*Problem to work on*: Your task is to repeat the entries word for word while leaving out the pictures.

*Source data*:
****************************************

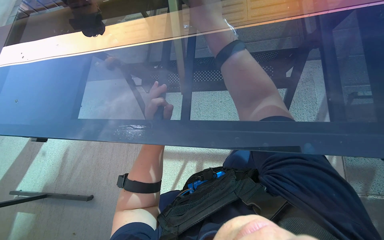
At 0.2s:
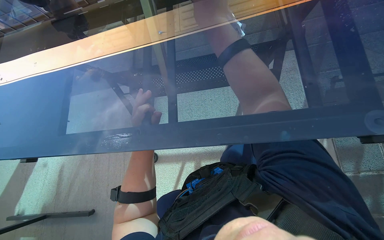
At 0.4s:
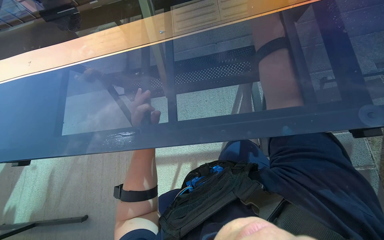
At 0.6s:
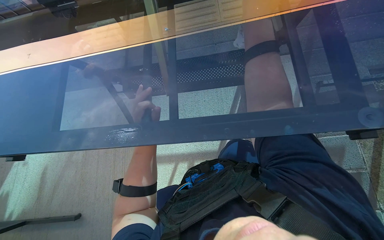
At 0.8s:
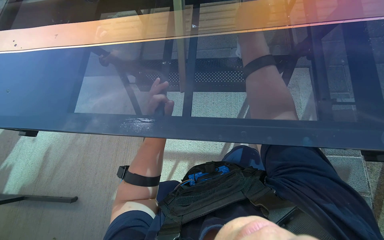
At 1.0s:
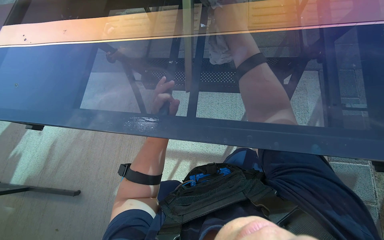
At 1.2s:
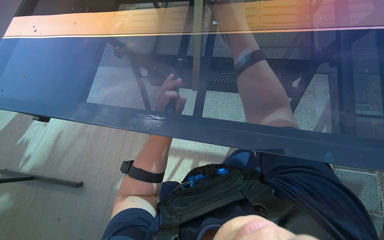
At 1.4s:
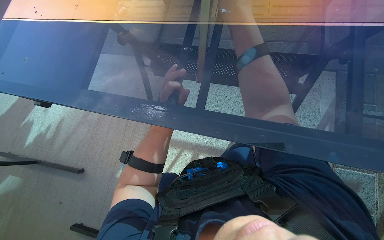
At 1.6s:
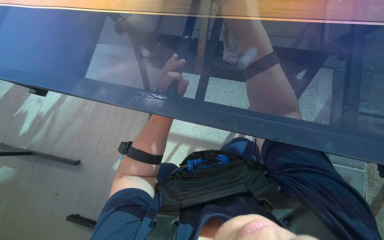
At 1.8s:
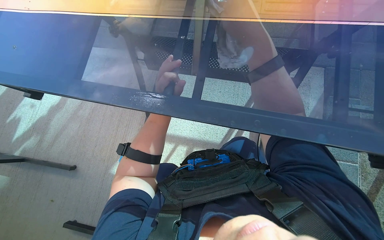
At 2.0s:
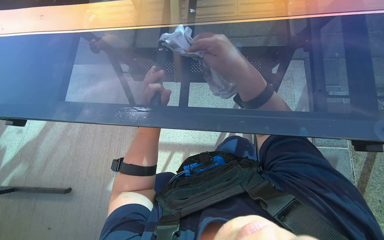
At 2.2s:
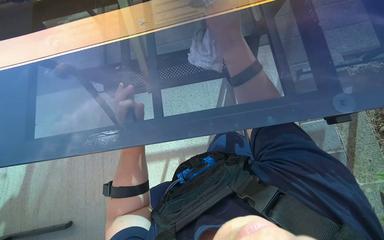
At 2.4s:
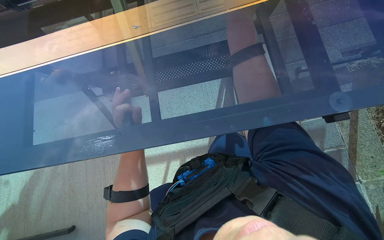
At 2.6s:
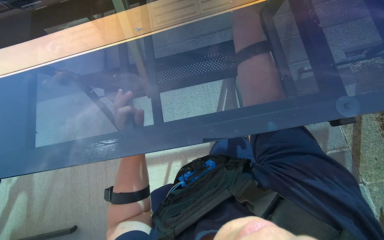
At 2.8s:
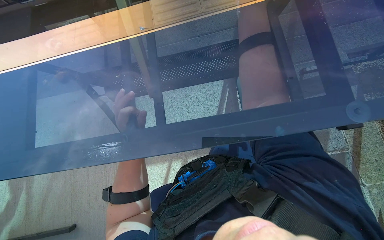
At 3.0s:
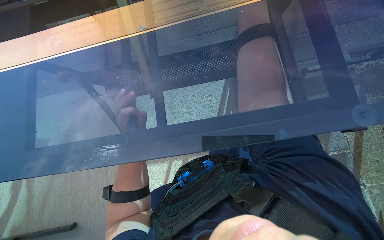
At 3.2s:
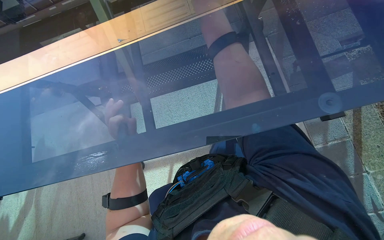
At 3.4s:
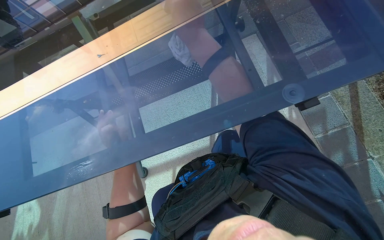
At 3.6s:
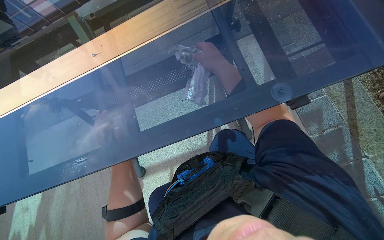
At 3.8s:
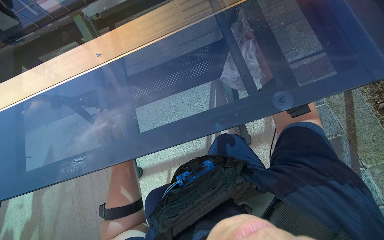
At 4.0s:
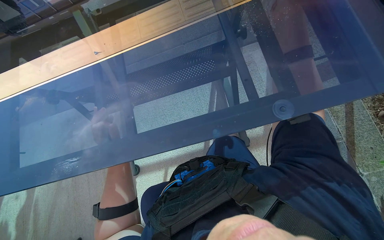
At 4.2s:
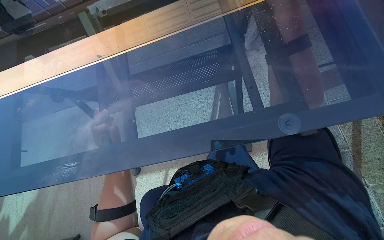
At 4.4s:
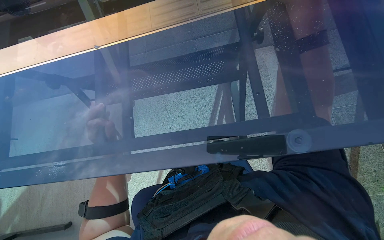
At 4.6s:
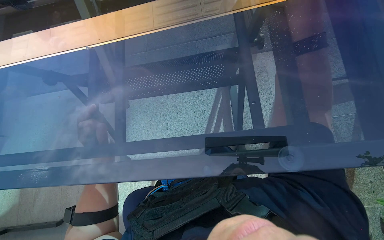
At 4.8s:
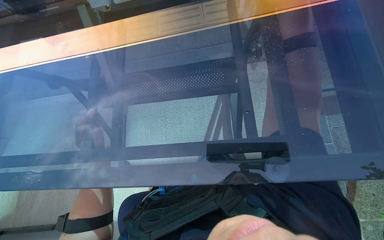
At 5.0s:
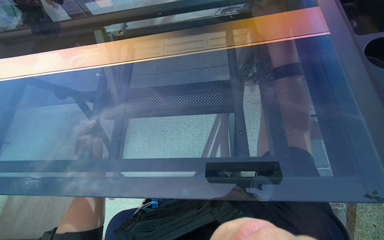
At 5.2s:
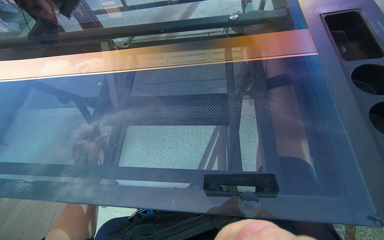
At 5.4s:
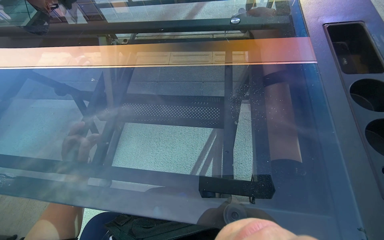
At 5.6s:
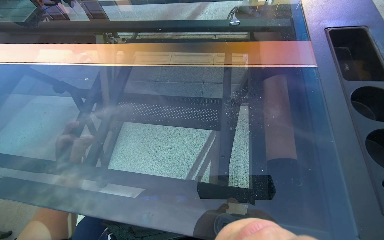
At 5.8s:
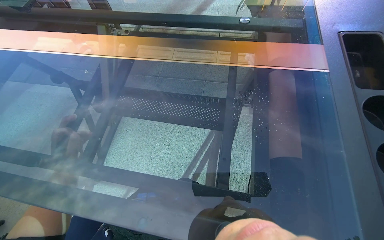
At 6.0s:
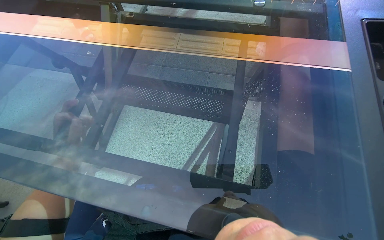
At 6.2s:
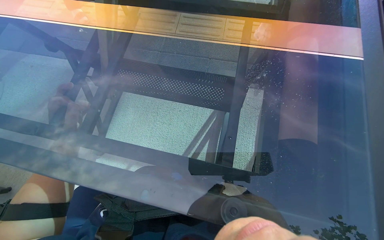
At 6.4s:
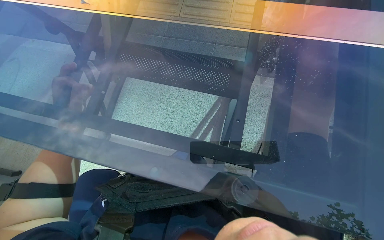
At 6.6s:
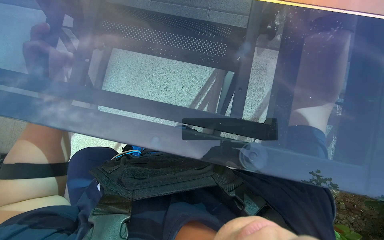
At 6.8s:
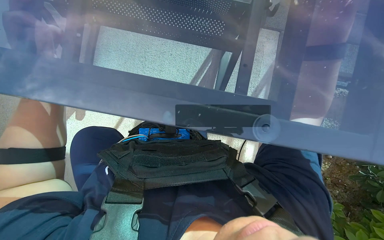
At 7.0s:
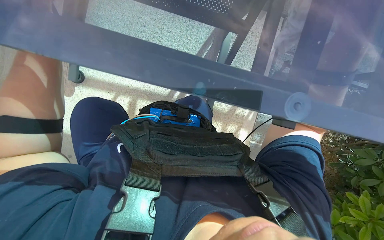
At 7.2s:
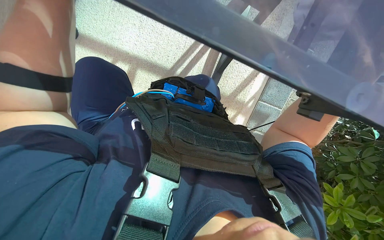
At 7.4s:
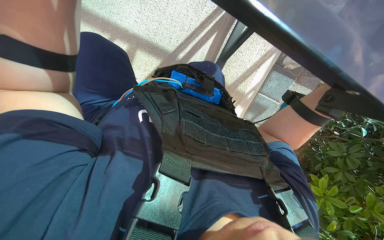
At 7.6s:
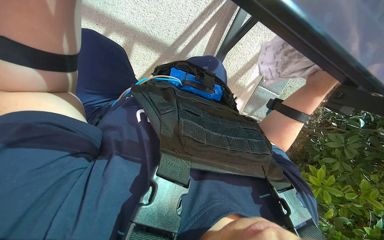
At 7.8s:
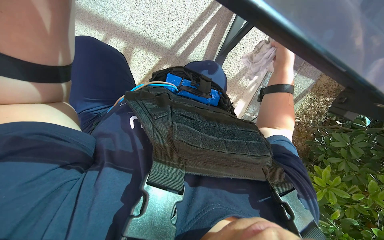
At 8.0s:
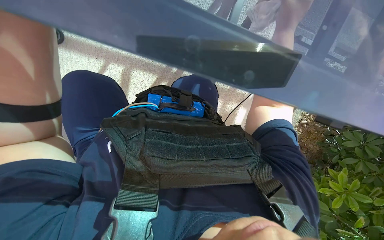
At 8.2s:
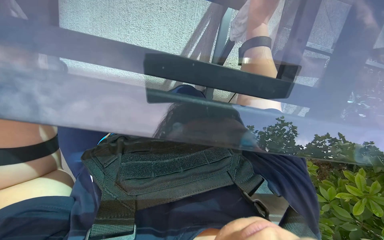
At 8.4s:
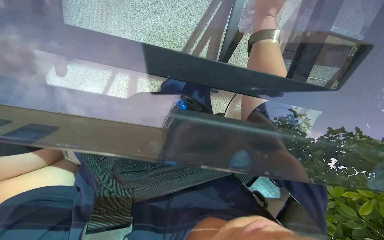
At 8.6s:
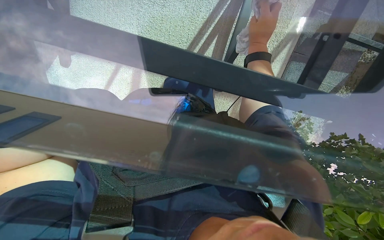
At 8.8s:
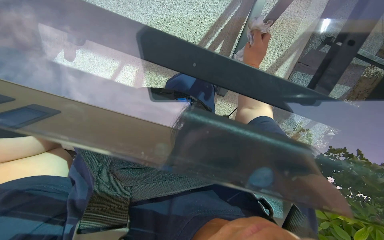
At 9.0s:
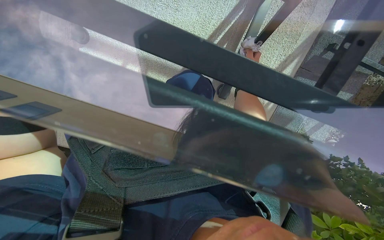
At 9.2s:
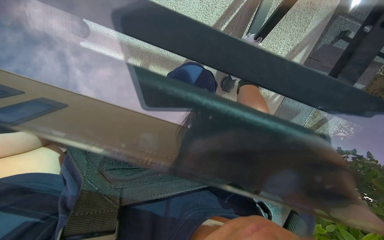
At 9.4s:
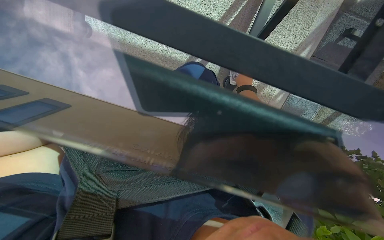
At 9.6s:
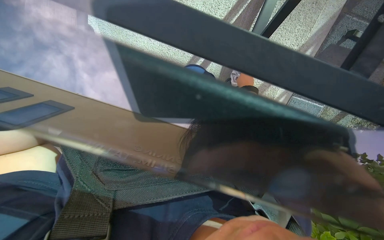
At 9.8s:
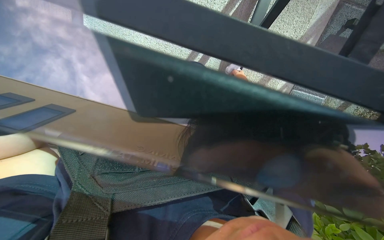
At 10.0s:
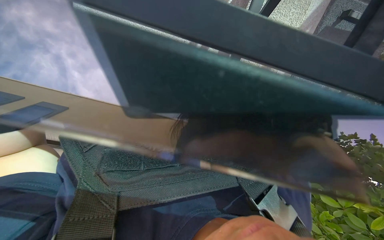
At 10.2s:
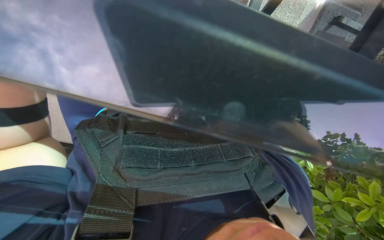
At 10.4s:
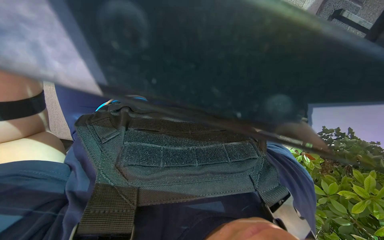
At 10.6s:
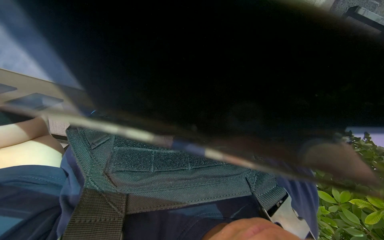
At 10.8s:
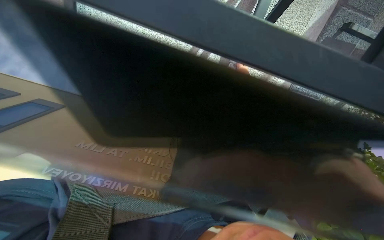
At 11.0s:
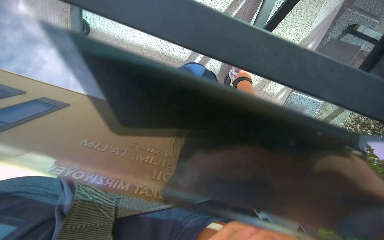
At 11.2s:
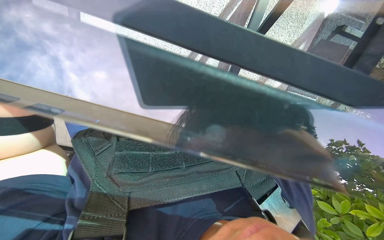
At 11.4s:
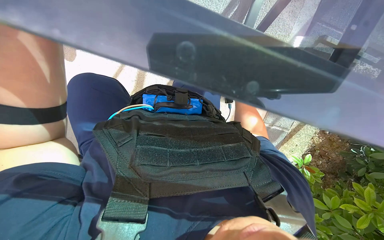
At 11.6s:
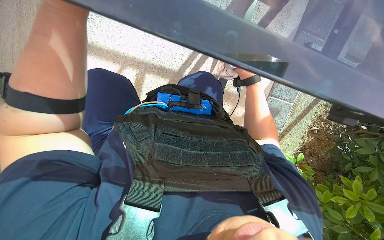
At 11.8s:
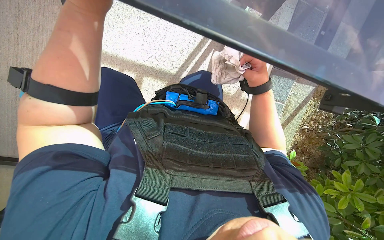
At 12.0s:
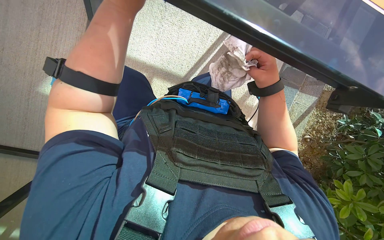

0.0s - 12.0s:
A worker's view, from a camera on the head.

****************************************

*Output of the exercise*:
At 0.2s:
At 0.4s:
At 0.6s:
At 0.8s:
At 1.0s:
At 1.2s:
At 1.4s:
At 1.6s:
At 1.8s:
At 2.0s:
At 2.2s:
At 2.4s:
At 2.6s:
At 2.8s:
At 3.0s:
At 3.2s:
At 3.4s:
At 3.6s:
At 3.8s:
At 4.0s:
At 4.2s:
At 4.4s:
At 4.6s:
At 4.8s:
At 5.0s:
At 5.2s:
At 5.4s:
At 5.6s:
At 5.8s:
At 6.0s:
At 6.2s:
At 6.4s:
At 6.6s:
At 6.8s:
At 7.0s:
At 7.2s:
At 7.4s:
At 7.6s:
At 7.8s:
At 8.0s:
At 8.2s:
At 8.4s:
At 8.6s:
At 8.8s:
At 9.0s:
At 9.2s:
At 9.4s:
At 9.6s:
At 9.8s:
At 10.0s:
At 10.2s:
At 10.4s:
At 10.6s:
At 10.8s:
At 11.0s:
At 11.2s:
At 11.4s:
At 11.6s:
At 11.8s:
At 12.0s:

0.0s - 12.0s:
A worker's view, from a camera on the head.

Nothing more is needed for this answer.